Now, the London Transport Museum in Covent Garden is marking a centenary of such graphic designs by exhibiting original artworks that have graced the capital's tube platforms. "The key to the exhibition is accessing the hidden process behind what makes these posters so wonderful," says the exhibition's co-curator Claire Dobbin. "Many of them are familiar to people and no one knows why they were made. This is the perfect opportunity to find out."
One section of the exhibition addresses the commissioning process – how the posters were selected and why – and will feature a number of artists whose careers were kick-started by designing for the Underground. The most famous of these is Tom Eckersley, who was asked to do his first poster straight out of college and continued his relationship with London Underground for the next 60 years.
The show also looks at the art chronologically, pulling its contents from the schools of modernism, art deco and fine art. Celebrated talent on display will include the artists Eric Ravilious and Paul Nash, and it is noteworthy just how prestigious the posters have remained in the eyes of those who created them. So says Paul Catherall, who designed the 2007 lino cut "Primrose Hill", which depicted the London skyline. The purpose was to commemorate "a new view of London" – or the selection of a number of overground lines to come under the aegis of London Underground that year. "It was a very big deal for me," he says. "I remember when I moved down to London from Leicester after finishing university in 1989 I would see those posters and figured it would be my dream job. When I eventually got the commission I was over the moon."

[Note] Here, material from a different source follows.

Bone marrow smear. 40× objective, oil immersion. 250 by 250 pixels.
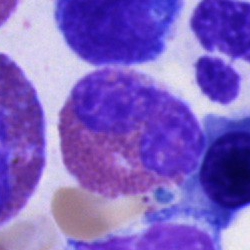 Cell type = eosinophil.

No exhibition of posters in the Underground would be complete without mentioning Frank Pick. Pick was in charge of commissioning from 1908 to 1940, attracting some of the leading lights of visual art. His techniques have been spoken of in hushed tones by the design community ever since. The exhibition pays him his due respect. "His vision for art was that while he sought out the best graphic artists, he also tried to balance that with up-and-coming people," concludes Dobbin. "And the designs he used were always informed by fitness of purpose, not simply his own tastes. The tradition has been continued until the present day."